Si sabemos escuchar la voz de María, que nos dice también a nosotros: «Haced lo que Él os diga», Jesús transformará siempre el agua de nuestra vida en vino bueno. Así, esta Jornada Mundial del Enfermo, celebrada solemnemente en Tierra Santa, ayudará a realizar el deseo que he manifestado en la Bula de convocación del Jubileo Extraordinario de la Misericordia: «Este Año Jubilar vivido en la misericordia pueda favorecer el encuentro con [el Hebraísmo, el Islam] y con las otras nobles tradiciones religiosas; nos haga más abiertos al diálogo para conocernos y comprendernos mejor; elimine toda forma de cerrazón y desprecio, y aleje cualquier forma de violencia y de discriminación» (Misericordia Vultus 23).
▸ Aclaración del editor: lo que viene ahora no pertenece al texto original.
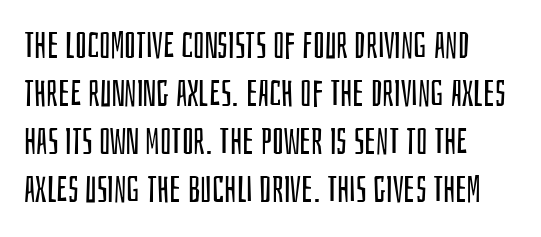
{"serif": "no", "italic": "no", "bold": "no", "weight": "regular", "width": "condensed", "stroke_contrast": "low", "x_height": "large", "monospaced": "no", "underline": "no", "line_spacing": "normal", "line_spacing_ratio": 1.3, "letter_spacing": "normal", "letter_spacing_em": 0.0, "glyph_px": 37}
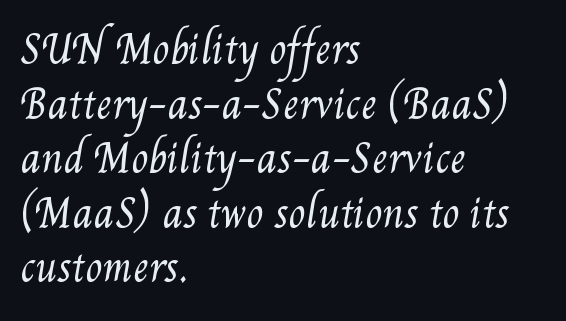
The image shows 39 px regular-weight, condensed type; set left-aligned, normal line spacing (1.4x), normal letter spacing, not underlined; medium stroke contrast and a small x-height.
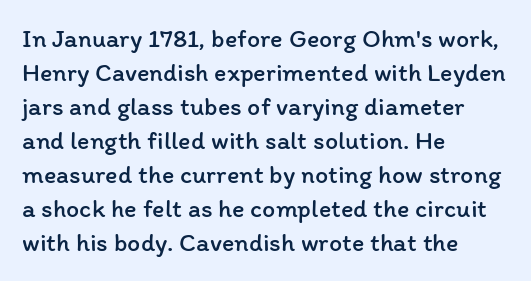
Descenders are the only things crossing below the line. All the whitespace from short lines collects on the right. Characters remain perfectly vertical along every line. The letters sit at their default tracking, neither squeezed nor spread.
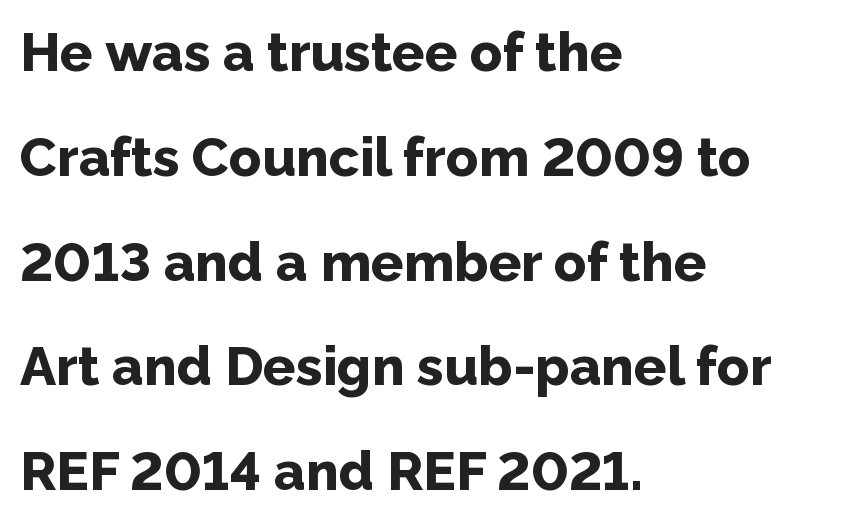
Q: Is the text bold? A: Yes.
Q: Is the text italic (slanted)? A: No, it is upright.
Q: Is the typeface a serif or a sans-serif typeface? A: Sans-serif.
Q: Is the text underlined? A: No.
Q: How is the paragraph aligned? A: Left-aligned.
Q: Is the spacing between letters normal or unusually wide? A: Normal.
Q: Is the spacing between lines tight, normal or loose? A: Loose.
Q: Width (condensed, normal, or wide)? A: Normal.
Q: Stroke contrast? A: Low.
Q: x-height? A: Medium.
Q: Monospaced? A: No.
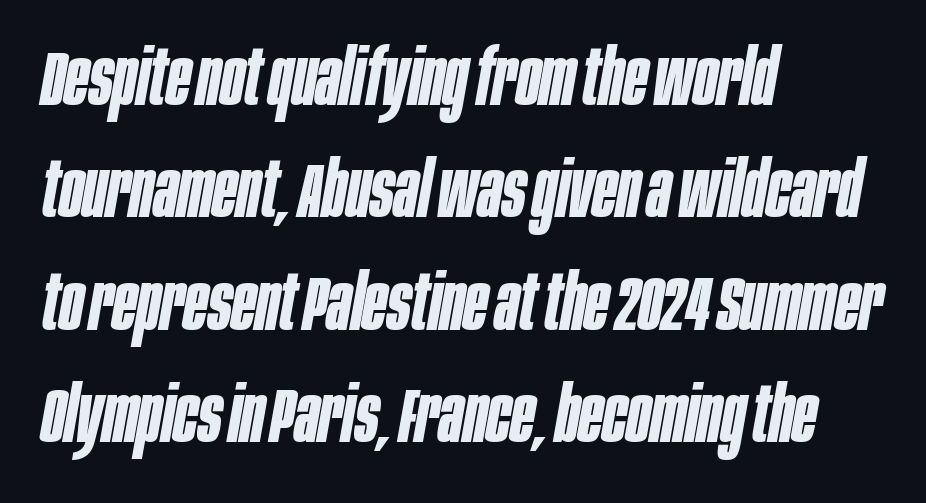
Thick stems and heavy bowls — unmistakably bold. You can tell it's italic because the verticals aren't actually vertical. Here the glyphs are tracked normally, forming tight word shapes. The rows are spaced the way most documents space them. The rendering anchors every line to the left-hand side. Honestly, there is no underline to notice here at all.
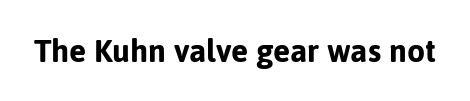
Do the characters align in a grid? No, the font is proportional. The strokes are fattened all the way to bold. The specimen omits any rule beneath the text block's lines. Words appear dense and cohesive because spacing is normal.
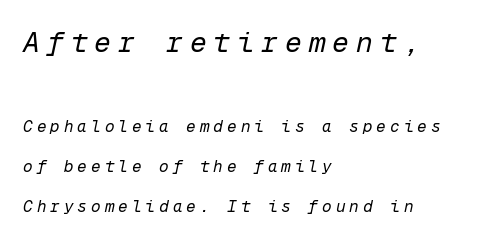
The image shows 28 px regular-weight type, italic (leaning right), monospaced; set left-aligned, loose line spacing (2.49x), unusually wide letter spacing (+0.25 em), not underlined; the first (top) block is 1.75x larger; low stroke contrast and a medium x-height.
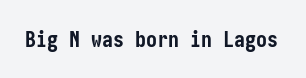
Q: Is the text bold? A: Yes.
Q: Is the text italic (slanted)? A: No, it is upright.
Q: Is the text underlined? A: No.
Q: Is the spacing between letters normal or unusually wide? A: Normal.
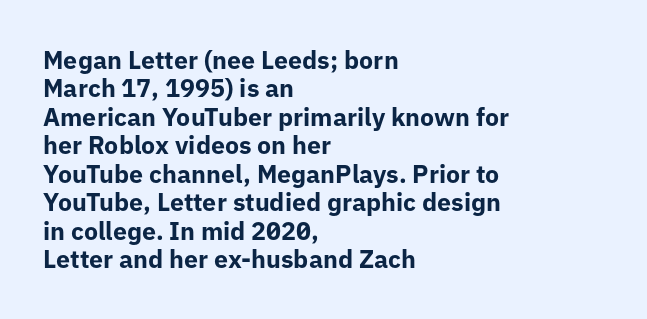
Q: Is the text bold? A: Yes.
Q: Is the text italic (slanted)? A: No, it is upright.
Q: Is the text underlined? A: No.
Q: How is the paragraph aligned? A: Left-aligned.
Q: Is the spacing between letters normal or unusually wide? A: Normal.
Q: Is the spacing between lines tight, normal or loose? A: Tight.
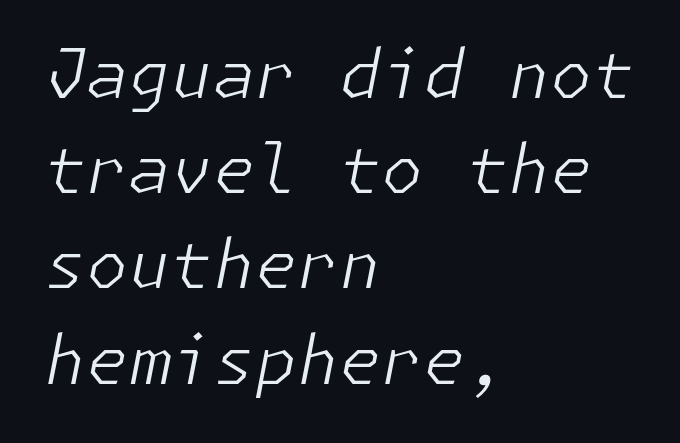
Q: Is the text bold? A: No.
Q: Is the text italic (slanted)? A: Yes, it leans right by about 11 degrees.
Q: Is the text underlined? A: No.
Q: How is the paragraph aligned? A: Left-aligned.
Q: Is the spacing between letters normal or unusually wide? A: Normal.
Q: Is the spacing between lines tight, normal or loose? A: Normal.
Q: Width (condensed, normal, or wide)? A: Normal.
Q: Stroke contrast? A: Low.
Q: x-height? A: Medium.
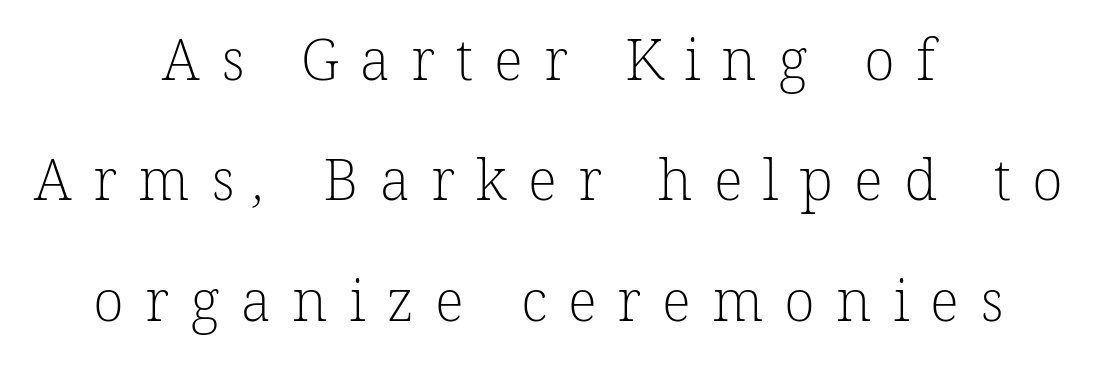
The image shows 57 px light serif type; set centered, loose line spacing (2.11x), unusually wide letter spacing (+0.37 em), not underlined; low stroke contrast and a medium x-height.
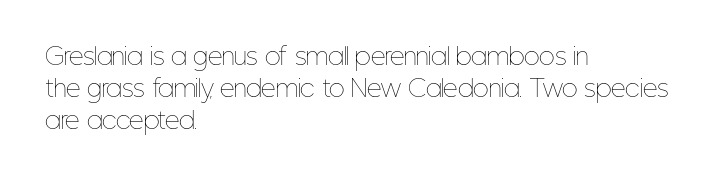
Q: Is the text bold? A: No.
Q: Is the text italic (slanted)? A: No, it is upright.
Q: Is the text underlined? A: No.
Q: How is the paragraph aligned? A: Left-aligned.
Q: Is the spacing between letters normal or unusually wide? A: Normal.
Q: Is the spacing between lines tight, normal or loose? A: Normal.
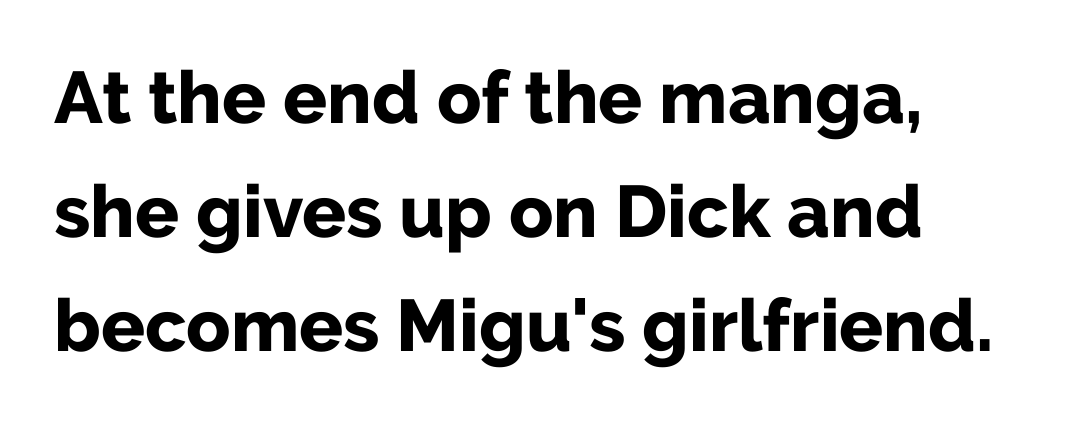
Q: Is the text bold? A: Yes.
Q: Is the text italic (slanted)? A: No, it is upright.
Q: Is the typeface a serif or a sans-serif typeface? A: Sans-serif.
Q: Is the text underlined? A: No.
Q: How is the paragraph aligned? A: Left-aligned.
Q: Is the spacing between letters normal or unusually wide? A: Normal.
Q: Is the spacing between lines tight, normal or loose? A: Normal.
Q: Width (condensed, normal, or wide)? A: Normal.
Q: Stroke contrast? A: Low.
Q: x-height? A: Medium.
Q: Monospaced? A: No.
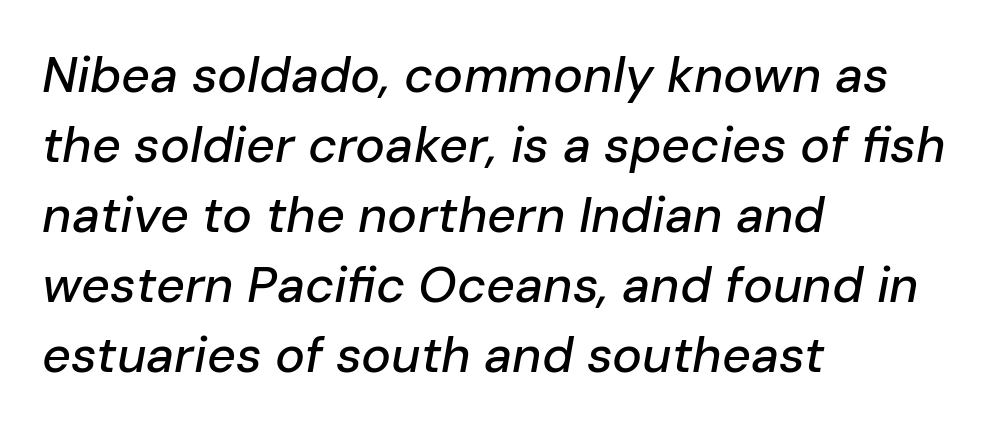
Observe the ordinary spacing: letters are neighbours, not strangers. Would a proofreader flag this as italicized? Yes. Short and long lines alike share a common starting point at left. Leading matches the norm, producing a regular column. Each letter keeps its own natural width here, so spacing adapts to shape. The words here are not underlined.
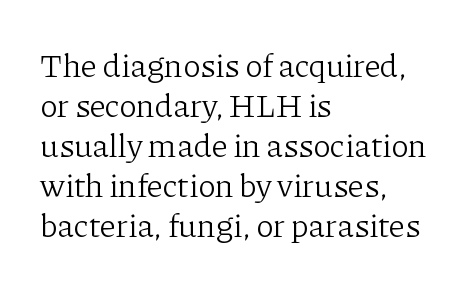
The lines are quadded left. Type without underlining. Each stroke keeps to a modest, everyday thickness or less. The designer went with a serif here, giving each stem small feet.
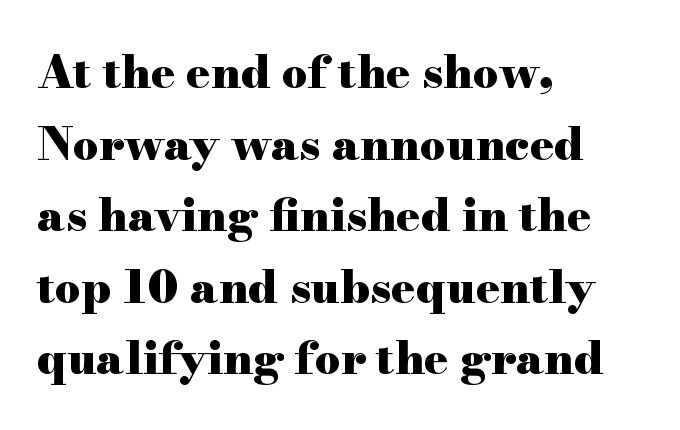
The image shows 45 px heavy, wide serif type, upright; set left-aligned, normal line spacing (1.59x), normal letter spacing, not underlined; high stroke contrast and a small x-height.

Cada hospital o clínica puede ser un signo visible y un lugar que promueva la cultura del encuentro y de la paz, y en el que la experiencia de la enfermedad y del sufrimiento, así como también la ayuda profesional y fraterna, contribuyan a superar todo límite y división.

Son un ejemplo para nosotros las dos monjas canonizadas en el pasado mes de mayo: santa María Alfonsina Danil Ghattas y santa María de Jesús Crucificado Baouardy, ambas hijas de la Tierra Santa. La primera fue testigo de mansedumbre y de unidad, ofreciendo un claro testimonio de la importancia que tiene el que seamos unos responsables de los otros importante es que seamos responsables unos de otros, de que vivíamos al servicio de los demás. La segunda, mujer humilde e iletrada, fue dócil al Espíritu Santo y se convirtió en instrumento de encuentro con el mundo musulmán.

A todos los que están al servicio de los enfermos y de los que sufren, les deseo que estén animados por el ejemplo de María, Madre de la Misericordia. «La dulzura de su mirada nos acompañe en este Año Santo, a fin de que todos podamos descubrir la alegría de la ternura de Dios» (ibíd., 24) y llevarla grabada en nuestros corazones y en nuestros gestos. Encomendemos a la intercesión de la Virgen nuestras ansias y tribulaciones, junto con nuestros gozos y consolaciones, y dirijamos a ella nuestra oración, para que vuelva a nosotros sus ojos misericordiosos, especialmente en los momentos de dolor, y nos haga dignos de contemplar hoy y por toda la eternidad el Rostro de la misericordia, su Hijo Jesús.

Acompaño esta súplica por todos vosotros con mi Bendición Apostólica.